Why training matters (and why not training is worse)
Avoidance first. Run if you can. But if you cannot run and you are forced to fight, knowing nothing is effectively a 100% death sentence — or at best it dramatically increases the chance of catastrophic injury. That blunt fact is why preparation matters.
Some clubs decline to teach weapon-specific responses because survival odds in certain scenarios are poor and the legal/ethical landscape is complex. Those are legitimate concerns, but choosing not to teach is still a decision with consequences: it leaves students with no options. By contrast, even modest, evidence-based training can materially improve outcomes. Being able to control a weapon-bearing limb for a second, move off the line of attack, create distance, or deliver one decisive strike are all discrete actions that meaningfully change the mathematics of a violent encounter.
Training focused on survivability should be:
Clear about priorities: avoidance and escape are primary. If escape is not possible, controlling the weapon arm and moving offline are immediate priorities.
Simple and repeatable: teach low-complexity, high-probability actions that can be executed under stress.
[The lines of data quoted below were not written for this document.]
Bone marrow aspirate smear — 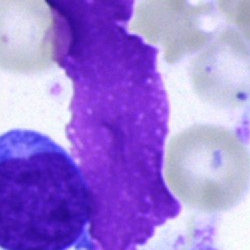
Morphological class — artifact.
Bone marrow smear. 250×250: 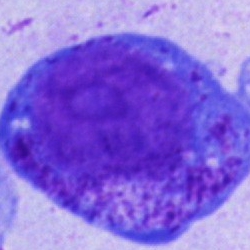A progranulocyte.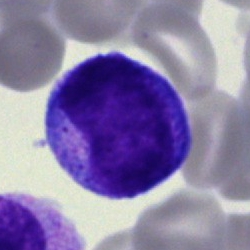
Lymphocyte.
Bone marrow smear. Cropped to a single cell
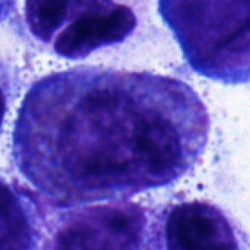

{"cell_type": "eosinophilic granulocyte", "lineage": "myeloid"}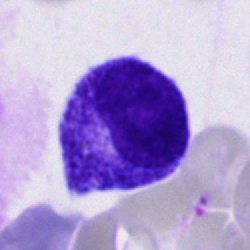
Classification = myelocyte.
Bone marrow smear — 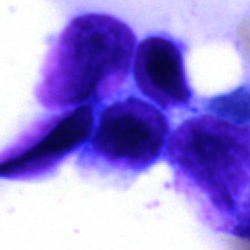
Showing a lymphocyte.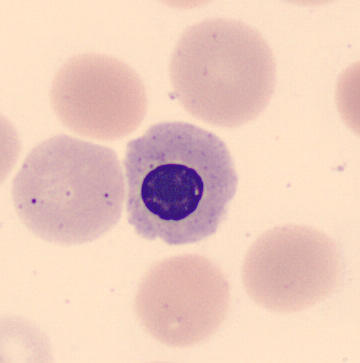 Preparation: Peripheral blood film. Morphology consistent with a nucleated red cell.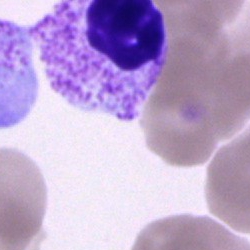 Classification = neutrophil (segmented).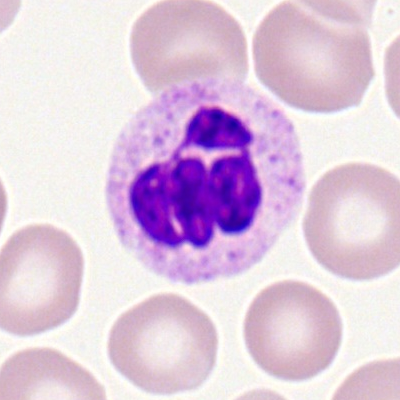Q: Identify the cell.
A: This is a neutrophil (segmented).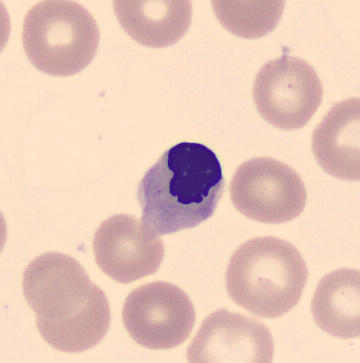 Specimen: peripheral blood film.
Morphological class: nucleated red blood cell.
Lineage: erythroid.
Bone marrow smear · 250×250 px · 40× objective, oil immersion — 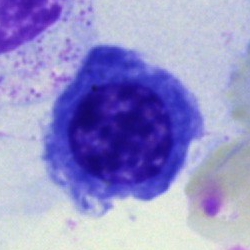 Q: What is the morphological classification of this cell?
A: It is an erythroblast.
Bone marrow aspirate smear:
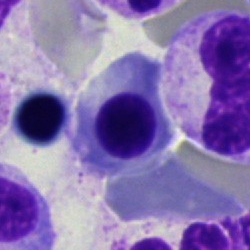
Q: Which cell type is shown here?
A: This is a nucleated red cell.
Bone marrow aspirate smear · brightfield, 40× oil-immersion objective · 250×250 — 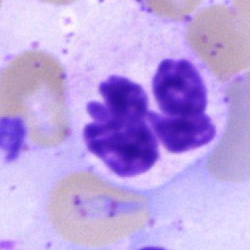
Morphology consistent with a polymorphonuclear neutrophil.
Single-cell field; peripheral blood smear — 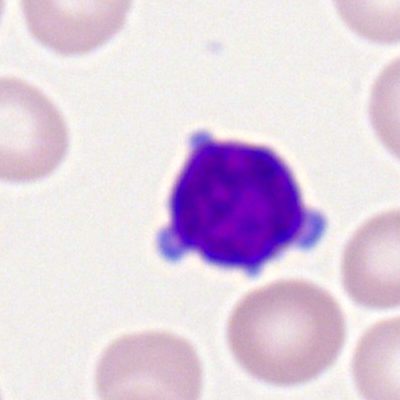
Specimen: peripheral blood smear.
Morphological class: lymphocyte.
Lineage: lymphoid.
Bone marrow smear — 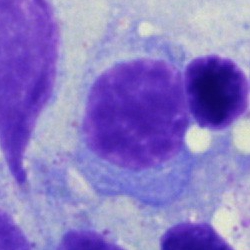Impression → typical lymphocyte.
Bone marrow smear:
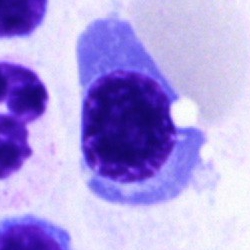
Nucleated red cell.

Progressive and safe: use graduated stress drills, trust-based partner work, and strict safety protocols so students develop competence without unnecessary risk.
Ethically and legally informed: students must understand the moral and legal consequences of force and the priority of proportionality and retreat when possible.
Comprehensive: include medical aftercare and post-incident procedures so students understand the full scope of what surviving an attack entails.
Refusing to train because a scenario is hard is to accept that unprepared students will face that scenario with no options. I argue the opposite: the severity of the threat is the reason to teach responsibly. Even a marginal increase in survival probability — achieved through disciplined practice of simple, transferable principles — is invaluable. Prepare to avoid, prepare to escape, and prepare to defend yourself if you must: those layers together are what give a person a real chance when chance itself is unpredictable.
Train realistically and ethically
Effective preparation requires realistic, progressive training under controlled stress. Partner drills, scenario practice and decision-making under pressure help students internalise simple, effective responses so they can act instinctively when required. Training should also be informed by ethical and legal considerations — survival decisions have consequences beyond the immediate physical encounter. My A.A.E.E.L. framework (Assess, Action, Ethical, Escape, Legal) underpins both the decision process and the teaching methodology.
Conclusion
Weapons-based violence is inherently unpredictable. The goal of training should be to increase the probability of survival through prevention, simple and reliable techniques, and repeated realistic practice. Acknowledging the role of chance does not undermine training; it reinforces the need to prepare sensibly. If you wish to learn practical, evidence-driven methods for staying safe, invest in training that prioritises control, movement and realistic decision-making.